Owners, builders need educating

DiBenedetto says zoning is attractive to builders and homeowners because it provides an alternative to two systems, and promotes energy savings.

“I try to educate the builder about the benefits of indoor air quality and the cost savings associated with zoned systems,” DiBenedetto says. “Many of the new home projects I work on would normally require two 3-ton hvac systems, but I can get the job done more cost effectively with one 5-ton system and zoning.

“When I explain the process to the builder, I get very little resistance to the idea.

“Zoning not only alleviates the need for two furnaces and air conditioners, but it allows the homeowner to have different temperatures in up to three areas of the home. That makes it a selling point for the builder.

“You wind up installing additional ductwork to accommodate the zone system, but the installation is easy and service is minimal. In fact, service calls would only be needed if there were changes in living habits that made it necessary to adjust the system.”

In the past, some contractors have been worried that training their staff to specify and install zoned systems would increase the time required and therefore increase costs.
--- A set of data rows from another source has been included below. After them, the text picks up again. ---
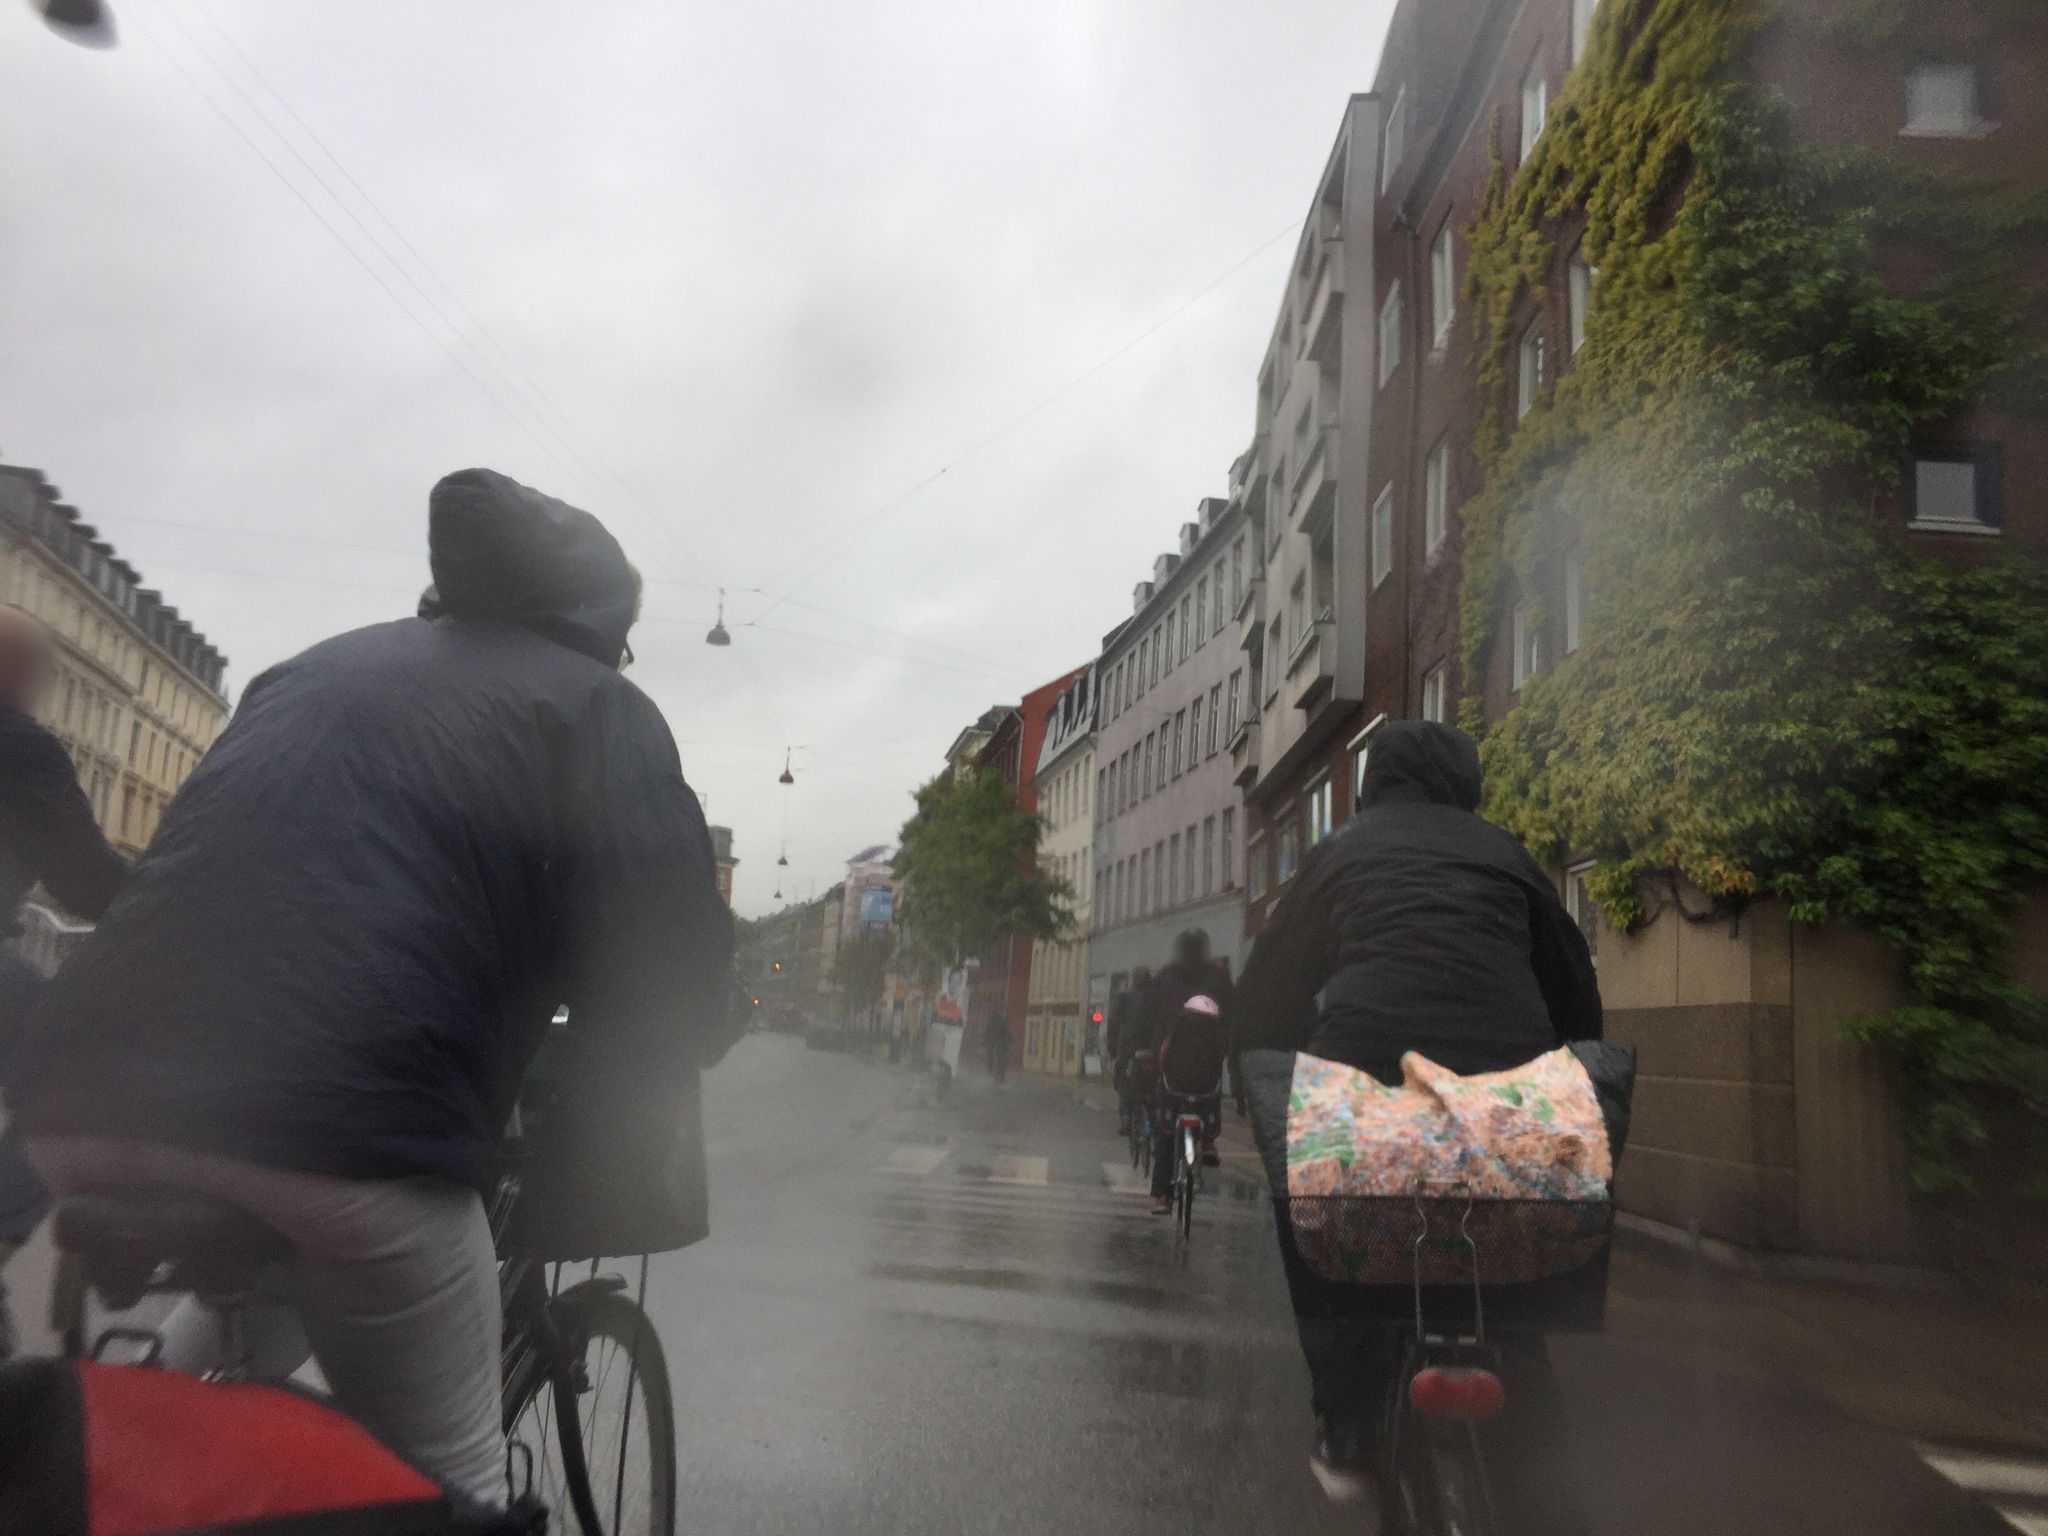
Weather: rainy
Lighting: day
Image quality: good
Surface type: walking surface
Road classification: residential
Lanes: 3
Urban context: urban centre
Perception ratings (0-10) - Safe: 4.39, Lively: 4.77, Beautiful: 5.06, Boring: 3.03, Depressing: 1.57, Wealthy: 6.56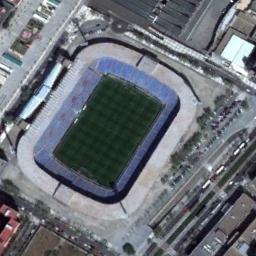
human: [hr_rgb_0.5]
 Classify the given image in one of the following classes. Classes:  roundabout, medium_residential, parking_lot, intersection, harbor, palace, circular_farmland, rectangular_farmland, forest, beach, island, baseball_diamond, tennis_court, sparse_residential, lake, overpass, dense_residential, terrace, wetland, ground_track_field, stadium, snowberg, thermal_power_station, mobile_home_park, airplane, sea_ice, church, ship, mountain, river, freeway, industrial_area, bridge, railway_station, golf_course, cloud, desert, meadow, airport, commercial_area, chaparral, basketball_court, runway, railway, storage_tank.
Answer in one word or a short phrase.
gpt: stadium
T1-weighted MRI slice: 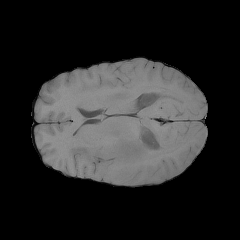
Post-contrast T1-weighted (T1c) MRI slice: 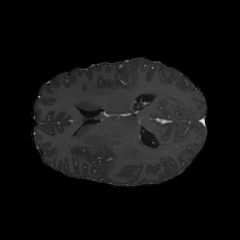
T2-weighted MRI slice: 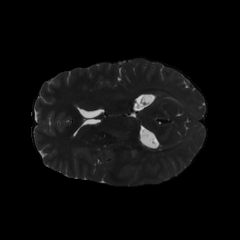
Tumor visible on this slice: yes
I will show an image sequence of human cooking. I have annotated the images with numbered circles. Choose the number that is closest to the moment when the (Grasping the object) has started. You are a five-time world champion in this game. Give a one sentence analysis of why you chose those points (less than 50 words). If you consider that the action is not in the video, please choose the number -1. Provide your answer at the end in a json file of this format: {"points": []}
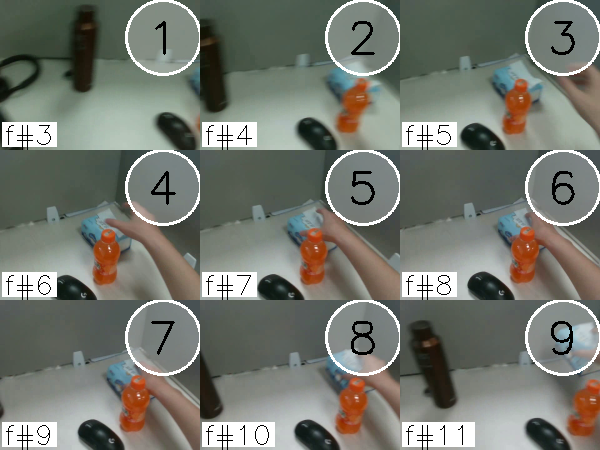
Frame 6 shows the clearest moment of hand-object contact.
{"points": [6]}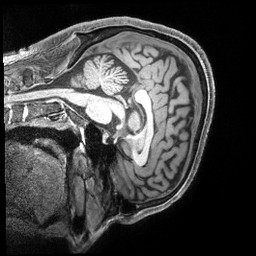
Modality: T1w
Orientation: sagittal
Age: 52
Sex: male
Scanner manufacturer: siemens
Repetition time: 2.4 s
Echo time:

But as zoning has grown in popularity, new system designs have made zoning much more affordable and simple, says DiBenedetto.

Some homes demand a complex zone system because of unusual floor plans, special uses, and large shifts in thermal load. But in most cases, a simple two-zone or three-zone system is sufficient to provide desired comfort throughout the home, he believes.

“In a particularly large home, two hvac systems may be required. So, a single system with zoning is not a fix for every situation,” says DiBenedetto. “But in a lot of instances, it’s a great option, especially with the many design features that are common today, like rambling floor plans, multiple levels, large windows, and lower level ‘bonus’ rooms.”

Installing a single hvac system with zoning instead of a two-unit system could save a considerable amount in labor and materials costs, too, he says. A savings can be realized in labor costs alone, because the installation of a single system with zoning takes far less time than the installation of two separate systems, he says.

In DiBenedetto’s case, he has been successful the past three years selling PerfectTemp™ zone control systems, manufactured by Research Products Corp. (Madison, WI).

“I recommend a PerfectTemp system to a builder, I not only save myself time and money, but I’m offering a great solution to the builder and homeowner, and I can use the extra time to invest in the next job,” he says.